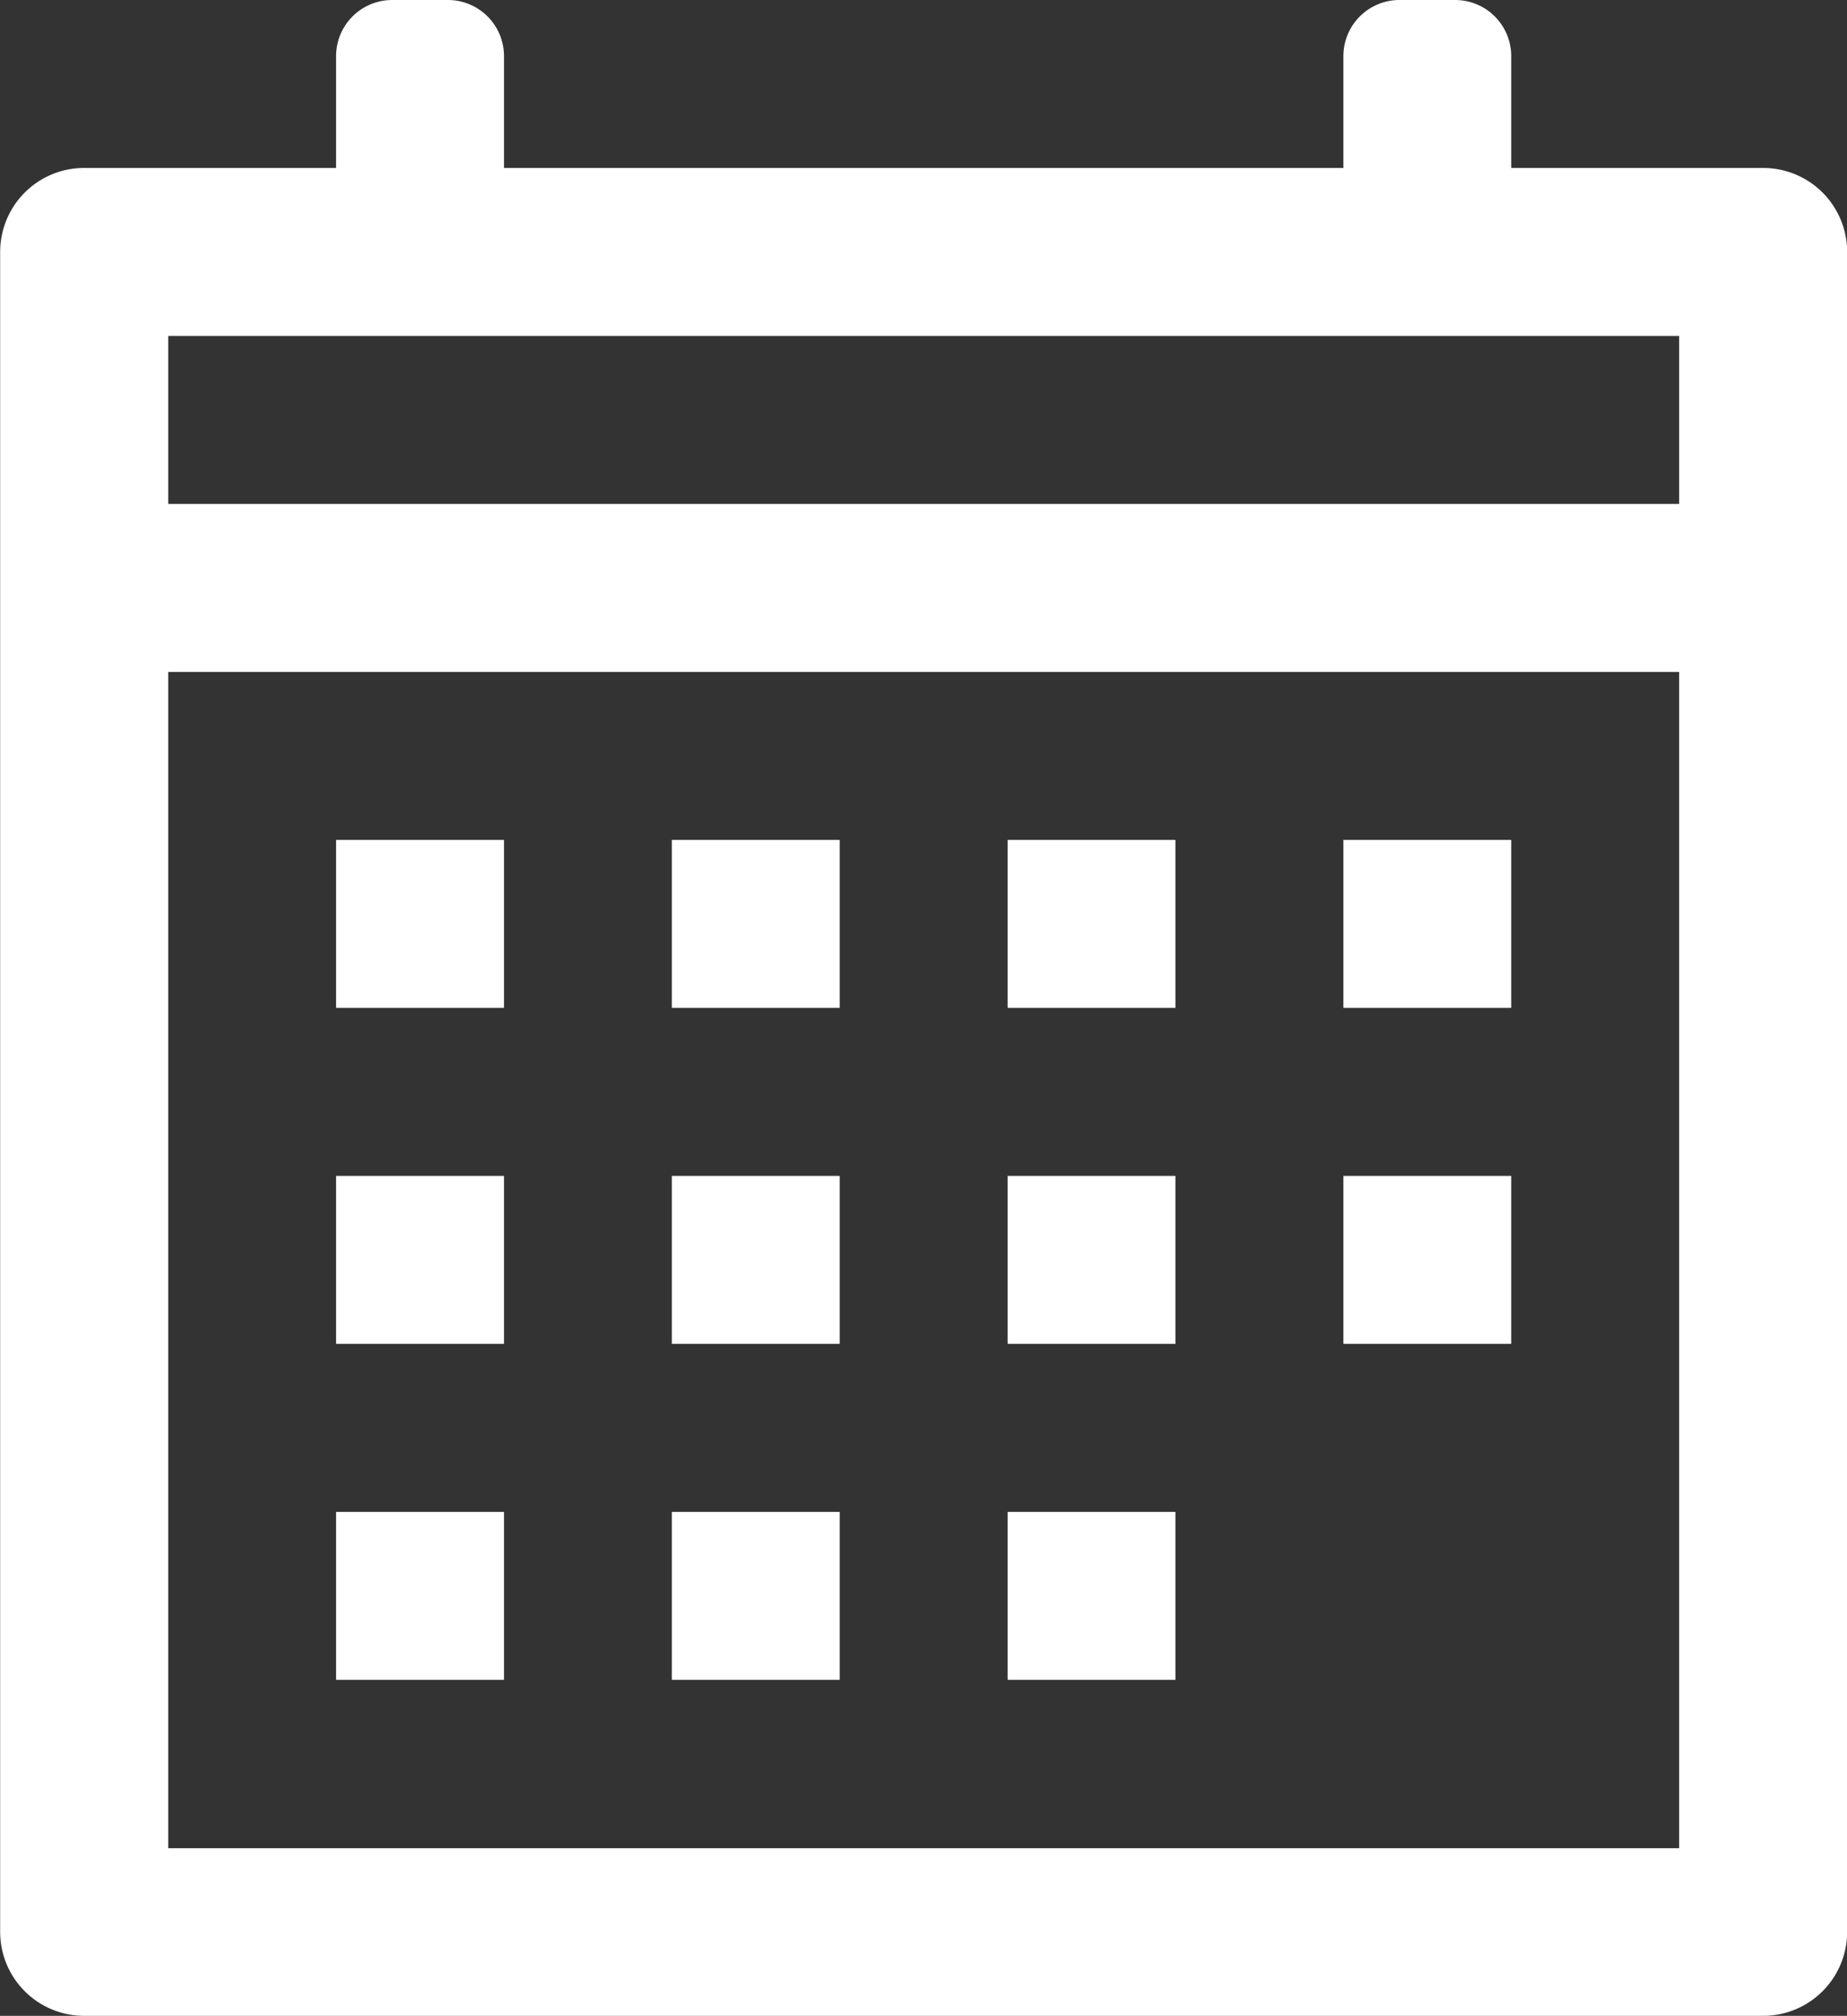 <svg xmlns="http://www.w3.org/2000/svg" width="24" height="26.177" viewBox="0 0 24 26.177"><rect x="0" y="0" width="24" height="26.177" fill="#333333" stroke="none"/><g transform="translate(-1.998 -2.002)"><path d="M7.094,2a.729.729,0,0,0-.729.729V4.181H3.093A1.091,1.091,0,0,0,2,5.272V27.086a1.091,1.091,0,0,0,1.1,1.091H24.907A1.091,1.091,0,0,0,26,27.086V5.272a1.091,1.091,0,0,0-1.091-1.091H21.635V2.729A.729.729,0,0,0,20.907,2h-.724a.729.729,0,0,0-.729.729V4.181H8.547V2.729A.729.729,0,0,0,7.818,2ZM4.184,6.363H23.817V8.544H4.184Zm0,4.363H23.817V26H4.184Zm2.181,2.181v2.181H8.547V12.907Zm4.363,0v2.181h2.181V12.907Zm4.363,0v2.181h2.181V12.907Zm4.363,0v2.181h2.181V12.907ZM6.365,17.27v2.181H8.547V17.27Zm4.363,0v2.181h2.181V17.27Zm4.363,0v2.181h2.181V17.27Zm4.363,0v2.181h2.181V17.27ZM6.365,21.633v2.181H8.547V21.633Zm4.363,0v2.181h2.181V21.633Zm4.363,0v2.181h2.181V21.633Z" transform="translate(0 0.002)" fill="#fff"/></g></svg>
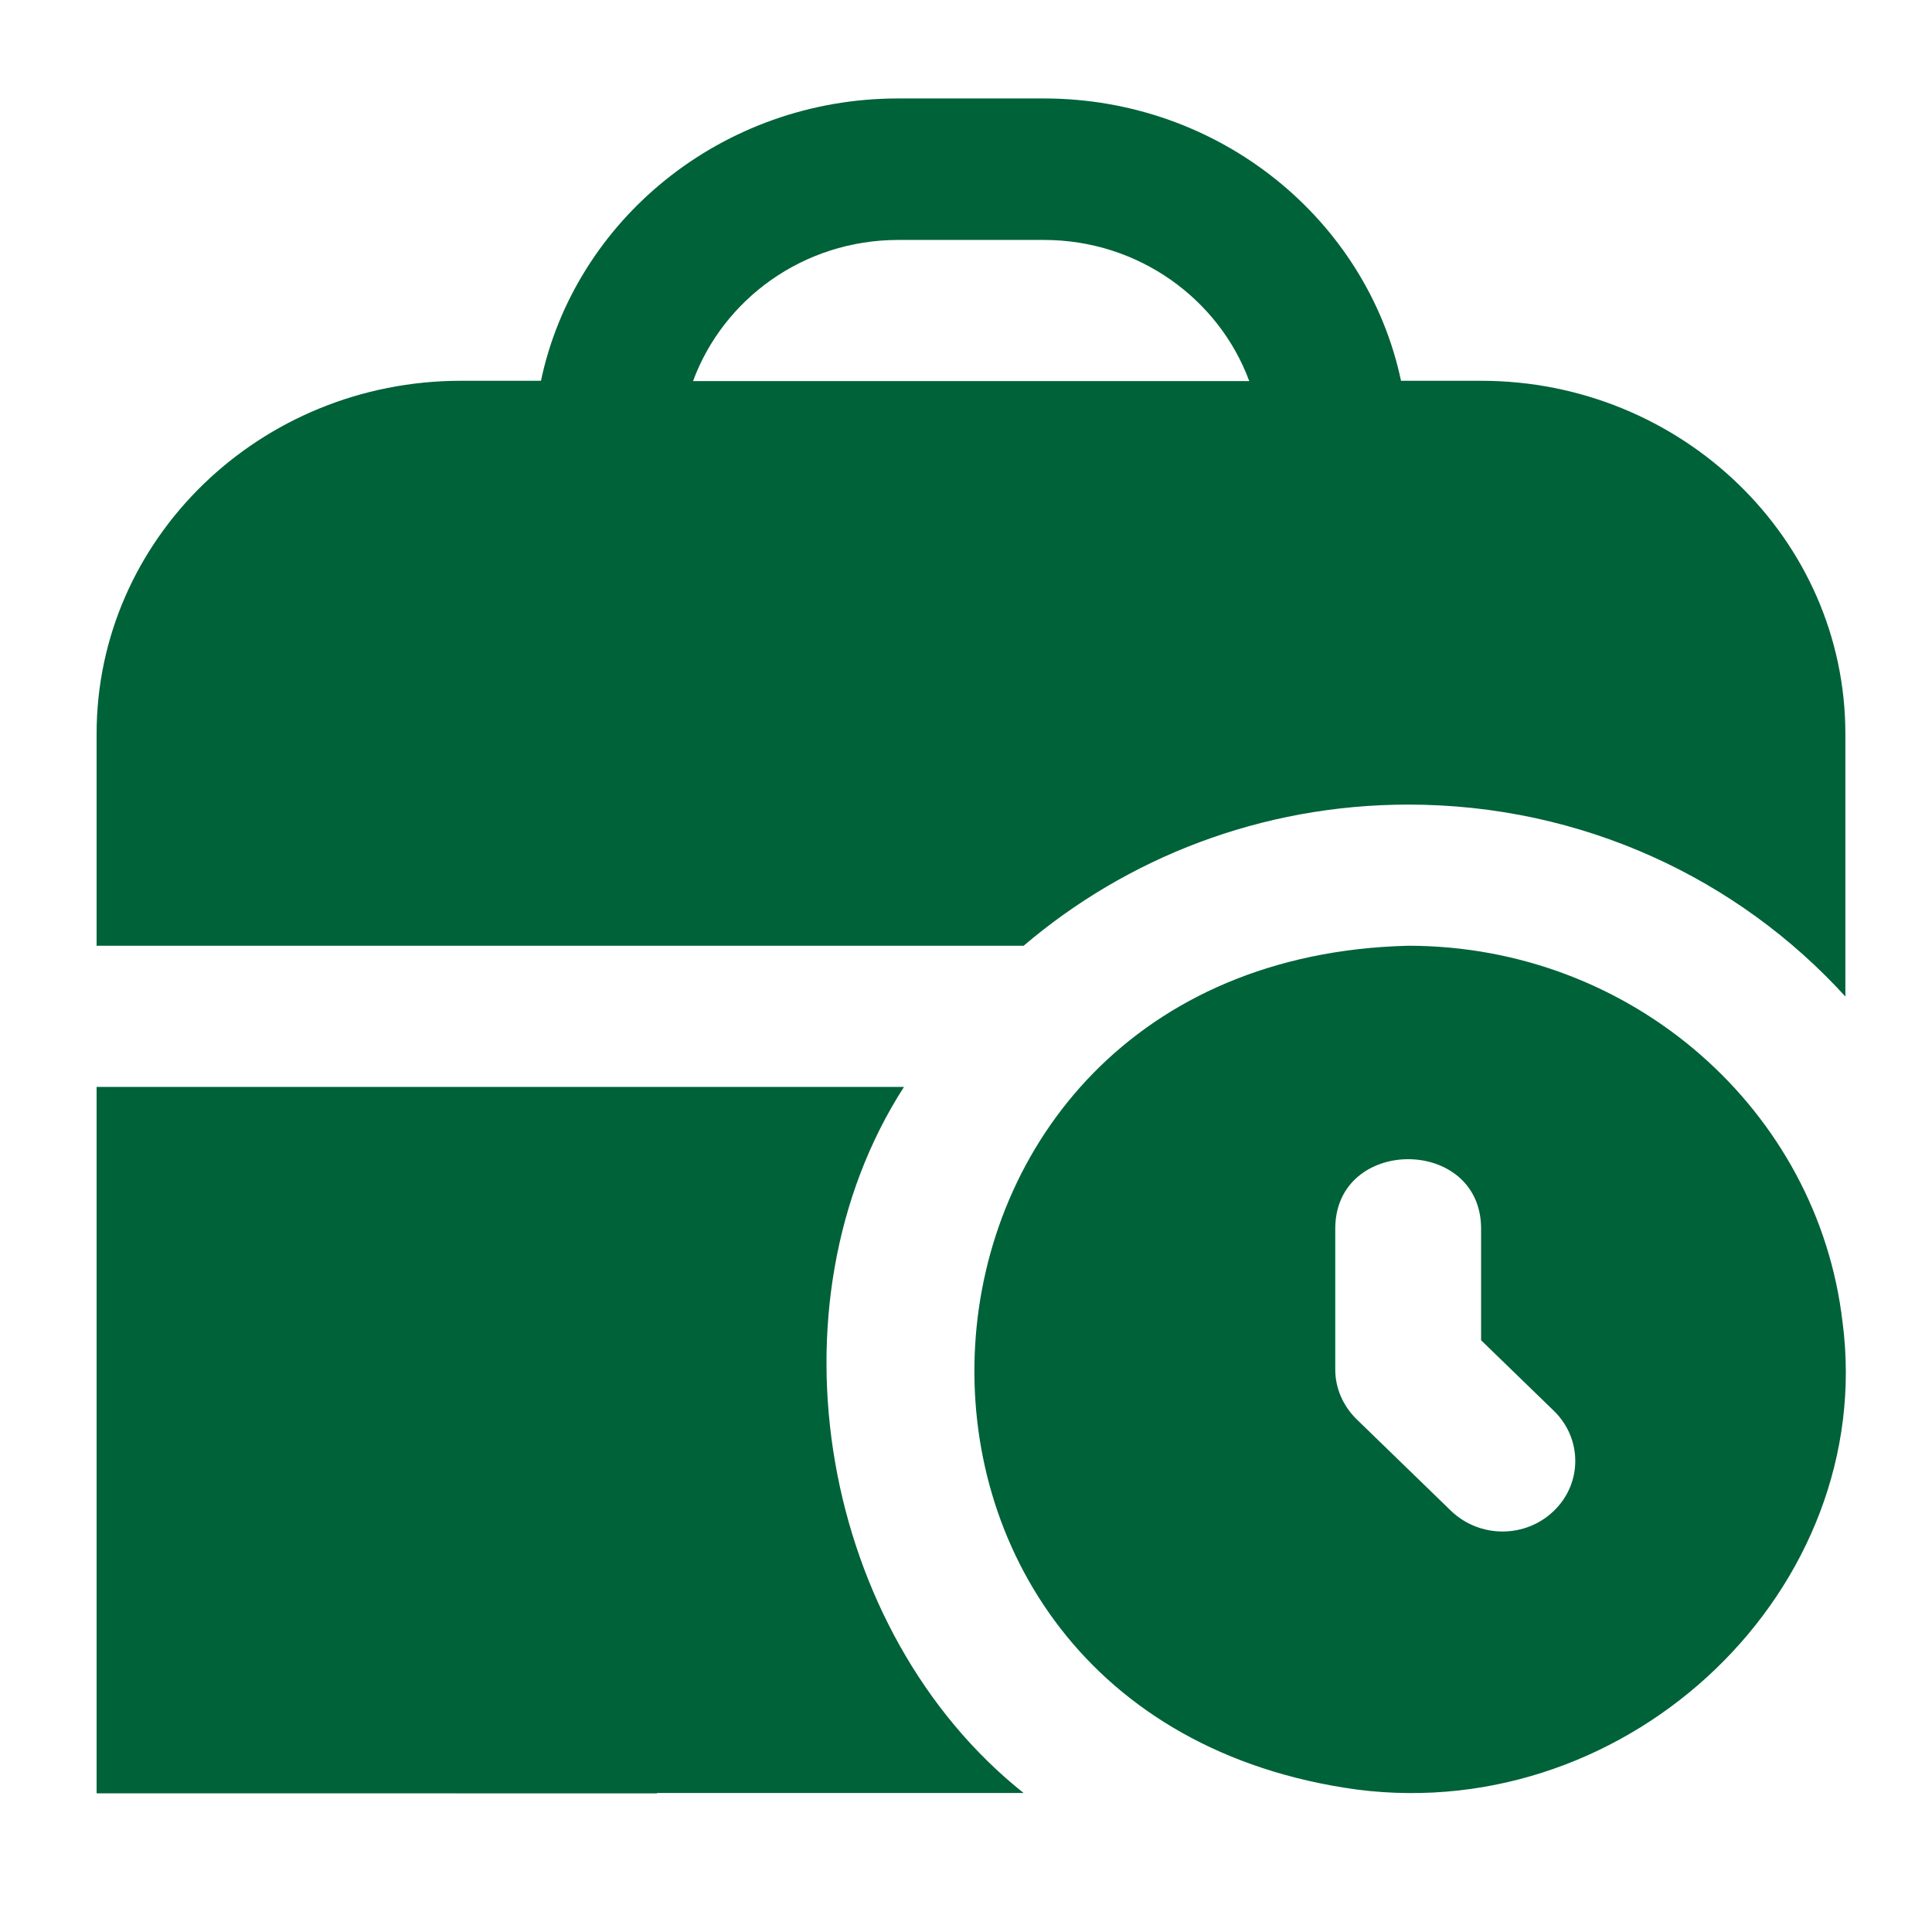 <?xml version="1.0" encoding="UTF-8"?>
<svg id="Layer_1" data-name="Layer 1" xmlns="http://www.w3.org/2000/svg" viewBox="0 0 62 62">
  <defs>
    <style>
      .cls-1 {
        fill: #006239;
        stroke-width: 0px;
      }
    </style>
  </defs>
  <path class="cls-1" d="m59.13,42.44h0c-.78-6.79-6.73-12.09-13.94-12.09-17.57.44-18.94,24.72-1.64,27.08,8.81,1.13,16.69-6.46,15.58-15h0Zm-9.26,6.04c-.91.89-2.39.89-3.31,0l-3.02-2.93c-.44-.43-.69-1-.69-1.6v-4.53c.01-2.96,4.67-2.96,4.68,0v3.59l2.34,2.27c.91.89.91,2.32,0,3.2h0Zm-4.68-22.66c5.6,0,10.6,2.39,14.03,6.16v-8.43c0-6.25-5.25-11.33-11.69-11.33h-2.57c-1.09-5.16-5.81-9.06-11.46-9.06h-4.68c-5.65,0-10.37,3.9-11.46,9.06h-2.57c-6.45,0-11.69,5.08-11.69,11.33v6.8h29.75c3.3-2.81,7.61-4.53,12.35-4.53ZM28.82,7.7h4.68c3.04,0,5.62,1.9,6.59,4.53h-17.85c.97-2.63,3.54-4.53,6.59-4.53h0Zm4.02,49.84H14.79c-6.45,0-11.69-5.08-11.69-11.33v-11.33h25.91c-4.53,7.04-2.65,17.5,3.84,22.66h0Z"/>
  <rect class="cls-1" x="3.1" y="44.42" width="17.98" height="13.13"/>
</svg>
^^^^
§ **EXERCISE GOAL**
Copy every record exactly; no pictures.

§ **ANSWER BOX**
 <svg xmlns="http://www.w3.org/2000/svg" width="24" height="26.177" viewBox="0 0 24 26.177"><rect x="0" y="0" width="24" height="26.177" fill="#333333" stroke="none"/><g transform="translate(-1.998 -2.002)"><path d="M7.094,2a.729.729,0,0,0-.729.729V4.181H3.093A1.091,1.091,0,0,0,2,5.272V27.086a1.091,1.091,0,0,0,1.1,1.091H24.907A1.091,1.091,0,0,0,26,27.086V5.272a1.091,1.091,0,0,0-1.091-1.091H21.635V2.729A.729.729,0,0,0,20.907,2h-.724a.729.729,0,0,0-.729.729V4.181H8.547V2.729A.729.729,0,0,0,7.818,2ZM4.184,6.363H23.817V8.544H4.184Zm0,4.363H23.817V26H4.184Zm2.181,2.181v2.181H8.547V12.907Zm4.363,0v2.181h2.181V12.907Zm4.363,0v2.181h2.181V12.907Zm4.363,0v2.181h2.181V12.907ZM6.365,17.27v2.181H8.547V17.27Zm4.363,0v2.181h2.181V17.27Zm4.363,0v2.181h2.181V17.27Zm4.363,0v2.181h2.181V17.27ZM6.365,21.633v2.181H8.547V21.633Zm4.363,0v2.181h2.181V21.633Zm4.363,0v2.181h2.181V21.633Z" transform="translate(0 0.002)" fill="#fff"/></g></svg>
 <?xml version="1.0" encoding="UTF-8"?>
<svg id="Layer_1" data-name="Layer 1" xmlns="http://www.w3.org/2000/svg" viewBox="0 0 62 62">
  <defs>
    <style>
      .cls-1 {
        fill: #006239;
        stroke-width: 0px;
      }
    </style>
  </defs>
  <path class="cls-1" d="m59.13,42.44h0c-.78-6.79-6.73-12.09-13.94-12.09-17.57.44-18.94,24.72-1.64,27.08,8.81,1.13,16.69-6.46,15.58-15h0Zm-9.26,6.04c-.91.89-2.39.89-3.31,0l-3.02-2.93c-.44-.43-.69-1-.69-1.6v-4.53c.01-2.96,4.67-2.96,4.68,0v3.59l2.34,2.27c.91.89.91,2.32,0,3.2h0Zm-4.68-22.66c5.6,0,10.6,2.39,14.03,6.16v-8.43c0-6.25-5.25-11.33-11.69-11.33h-2.57c-1.09-5.16-5.81-9.06-11.46-9.06h-4.68c-5.65,0-10.37,3.9-11.46,9.06h-2.57c-6.45,0-11.69,5.08-11.69,11.33v6.8h29.75c3.3-2.81,7.61-4.53,12.35-4.53ZM28.82,7.7h4.68c3.04,0,5.62,1.9,6.59,4.53h-17.85c.97-2.63,3.54-4.53,6.59-4.53h0Zm4.02,49.84H14.79c-6.45,0-11.69-5.08-11.69-11.33v-11.33h25.91c-4.53,7.04-2.65,17.5,3.84,22.66h0Z"/>
  <rect class="cls-1" x="3.1" y="44.42" width="17.98" height="13.13"/>
</svg>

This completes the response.